Some key things to look at when buying wine - how old is it (vintage), varietal - Chardonnay, Pinot Noir, etc., country of origin and producer. In some countries, the region may dictate the varietal such as Burgundy and in others you may find it difficult to find out; especially if it's a blend. We'll try to give this information, as much as it's available to us when we review wines for you.

Drink what you like, like what you drink!

Rachel and Bryan Gavini

A new form of wine review

Hello everyone, Rachel and I hope to be able to provide you with some useful information to help you pick out your next wine. I am sitting at my computer sipping a glass of Black Box (yes red wine from a box) 2008 Cabernet Sauvignon from the Central Coast of California writing this. Whether it's wine for a nice meal, backyard barbecue or just for hanging out on a hot summer day; I think you'll find some good advice. First of all, we are not professionals, neither of us has tasted a 1969 Cheval Blanc and use that as a standard of perfection or some other incredibly rare wine that you'll never try.

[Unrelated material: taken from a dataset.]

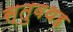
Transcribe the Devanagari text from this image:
स्तुवथह
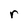
Character: r
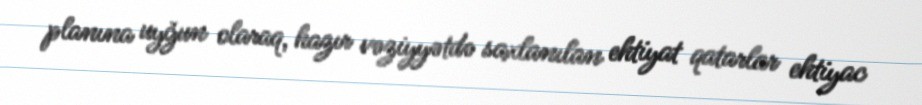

We have been tasting wine since 1995 when we first went to the Brotherhood Winery in Washingtonville, NY. It is considered America's first winery. It's a small place, rich in history and they aim to educate and provide some decent examples of the major varietals that you'll come across. It was the place where I learned the difference between merlot and cabernet sauvignon, how a dry riesling differs from a Johannesburg riesling and what a sherry is. Overall, it was a fun and educational place to start. Since then we have attended many wine tastings over the years in New England and met many great people along the way. We have several books of labels and comments that we collected from our enjoyment of wine. As of this day, we both have tried at least 100 different grape varietals, either blended or on their own, and wines from nearly every major wine producing country including Hungary, Greece, Israel, and China among the other more well-known wine producing countries.

What you are going to get from us is a straightforward description of the wine and a very simple rating scheme:

(1) We would not buy it again (this does not mean it is bad; just maybe not what we were expecting).
(2) We would buy again from time to time but not more than one at a time.
(3) We would buy a few more bottles.
(4) We would buy a case or more.
(5) Back the truck up and give us all you got.

We don't believe in the point scale used by the "pros". How one can differentiate 1 point between an 89 or 90 and a 90 or 91 on a scale of 100 after trying so many wines is really quite ridiculous to believe. And even more, to benchmark a 100 point wine, many reviewers use some rare wine that I don't think they taste regularly enough to calibrate. Nonetheless, many people go by these ratings. We tend to favor the ratings used by Dorothy and John at the Wall Street Journal - Good, Very Good, Delicious, Best of Tasting - much more relevant to us.

Back to the Black Box Cabernet - I think that this is a buy another bottle from time to time. You get the equivalent of 4 bottles in a box that stays fresh as you pour a glass from time to time. It's a little fruity more black cherries, soft tannins, but has some decent body and finish. Overall a good wine to have when you just need one glass.

Drink what you like, like what you drink!